For Ki-67 staining, paraffin-embedded samples were blocked with 1% bovine serum albumin in PBS for 30 min, and incubated with Ki-67 antibody (Abcam; ab243878). The secondary antibody used was Alexa Fluor® 488-conjugated goat anti-rabbit IgG. DAPI (C1002; Beyotime Biotechnology) was used to visualize cell nuclei. Slides were observed with a confocal microscopy (TCS SP8, Leica). Five images of each sample were used to count and calculate the percent of ki-67 positive cells.

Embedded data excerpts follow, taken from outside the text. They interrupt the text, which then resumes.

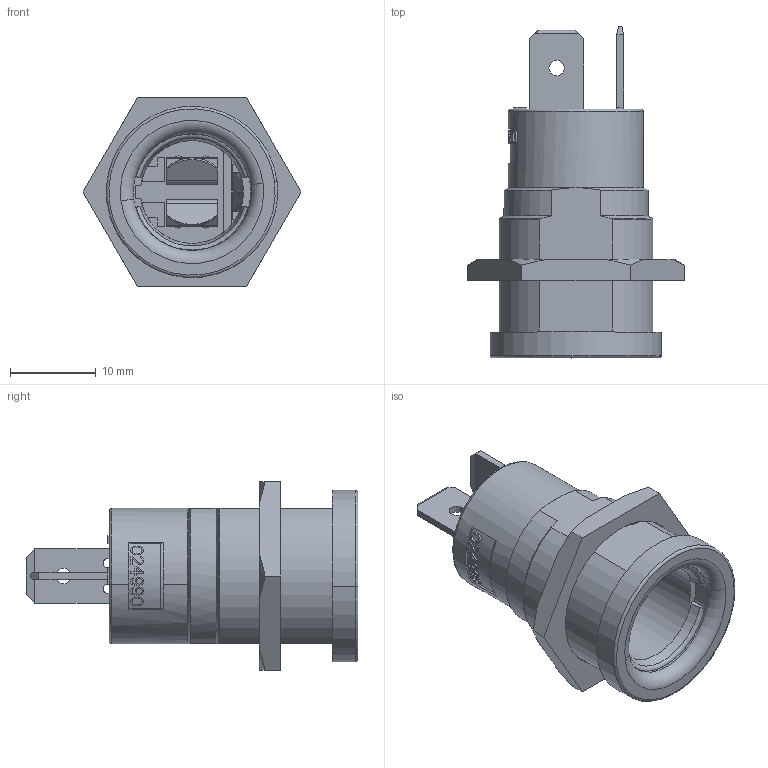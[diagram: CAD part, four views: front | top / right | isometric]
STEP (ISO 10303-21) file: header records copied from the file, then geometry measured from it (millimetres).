
FILE_DESCRIPTION((''),'2;1');
FILE_NAME('151056_SW0001','2020-06-03T14:11:53',('teru'),(''),'CREO PARAMETRIC BY PTC INC, 2017380','CREO PARAMETRIC BY PTC INC, 2017380','');
FILE_SCHEMA(('CONFIG_CONTROL_DESIGN'));
Length unit declared in the file: millimetre
Products named in the file (1): 151056_SW0001
Bounding box: 25.4 x 38.7 x 22 mm (x, y, z)
Volume: 4256.7 mm3; surface area: 4657.3 mm2
Topology: 1 solids, 1 shells, 590 faces, 1648 edges, 1081 vertices
Faces by surface type: plane 438, cylinder 82, torus 30, bspline 17, cone 15, sphere 8
Entity records: 19861 total; most frequent: CARTESIAN_POINT 5395, ORIENTED_EDGE 3296, DIRECTION 2588, EDGE_CURVE 1648, VERTEX_POINT 1081, VECTOR 896, LINE 896, AXIS2_PLACEMENT_3D 846

Mann-Whitney U test in GraphPad Prism was used to analyze the results. Data are shown as mean ± SEM. The single cell data was analyzed by the Python-based algorithm SCANPY (version 1.7.2). Uniform Manifold Approximation and Projection (UMAP) was run for visualization. Violin plots for marker genes were generated utilizing the stacked violin function as executed in SCANPY. To evaluate the differential genes between the conditions, we computed Cohen’s d statistic to estimate the magnitude of changes in gene expression within a cell population. Statistical analyses were conducted using R (v4.0.1). The type of statistical method employed for analysis is indicated in the text during the description of corresponding results and details for the test are elaborated in the legends of the relevant figures. Statistical significance was considered when P-value < 0.05.